Division of Chemical Biology and Medicinal Chemistry, UNC Eshelman School of Pharmacy, University of North Carolina at Chapel Hill, Chapel Hill, North Carolina 27599, United States.
Curriculum in Bioinformatics and Computational Biology, University of North Carolina at Chapel Hill, Chapel Hill, North Carolina 27599, United States.
J Am Chem Soc. 2024 Mar 27;146(12):8016-8030. doi: 10.1021/jacs.3c11306. Epub 2024 Mar 12.
There have been significant advances in the flexibility and power of cell-free translation systems.

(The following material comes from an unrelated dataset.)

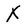
Character: X
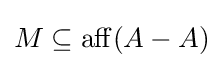
M\subseteq \operatorname {aff} (A-A)

The increasing ability to incorporate noncanonical amino acids and complement translation with recombinant enzymes has enabled cell-free production of peptide-based natural products (NPs) and NP-like molecules. We anticipate that many more such compounds and analogs might be accessed in this way. To assess the peptide NP space that is directly accessible to current cell-free technologies, we developed a peptide parsing algorithm that breaks down peptide NPs into building blocks based on ribosomal translation logic. Using the resultant data set, we broadly analyze the biophysical properties of these privileged compounds and perform a retrobiosynthetic analysis to predict which peptide NPs could be directly synthesized in augmented cell-free translation reactions. We then tested these predictions by preparing a library of highly modified peptide NPs. Two macrocyclases, PatG and PCY1, were used to effect the head-to-tail macrocyclization of candidate NPs. This retrobiosynthetic analysis identified a collection of high-priority building blocks that are enriched throughout peptide NPs, yet they had not previously been tested in cell-free translation. To expand the cell-free toolbox into this space, we established, optimized, and characterized the flexizyme-enabled ribosomal incorporation of piperazic acids. Overall, these results demonstrate the feasibility of cell-free translation for peptide NP total synthesis while expanding the limits of the technology. This work provides a novel computational tool for exploration of peptide NP chemical space, that could be expanded in the future to allow design of ribosomal biosynthetic pathways for NPs and NP-like molecules.
无细胞翻译系统的灵活性和功能得到了显著提高。越来越能够掺入非规范氨基酸并与重组酶互补翻译,使得基于肽的天然产物 (NP) 和 NP 样分子的无细胞生产成为可能。我们预计,通过这种方式可以获得更多的此类化合物和类似物。为了评估当前无细胞技术直接可及的肽 NP 空间,我们开发了一种肽解析算法,该算法根据核糖体翻译逻辑将肽 NP 分解为构建块。使用所得数据集,我们广泛分析了这些特权化合物的物理化学性质,并进行了回溯生物合成分析,以预测哪些肽 NP 可以在增强的无细胞翻译反应中直接合成。然后,我们通过制备高度修饰的肽 NP 文库来测试这些预测。使用两种环化酶,PatG 和 PCY1,来实现候选 NP 的头到尾环化。这种回溯生物合成分析确定了一组高优先级的构建块,这些构建块在肽 NP 中丰富存在,但以前从未在无细胞翻译中进行过测试。为了将无细胞工具箱扩展到这个空间,我们建立、优化和表征了可灵活酶促核糖体掺入哌嗪酸。总的来说,这些结果证明了无细胞翻译用于肽 NP 全合成的可行性,同时扩展了该技术的限制。这项工作为探索肽 NP 化学空间提供了一种新的计算工具,未来可以扩展该工具以允许设计用于 NP 和 NP 样分子的核糖体生物合成途径。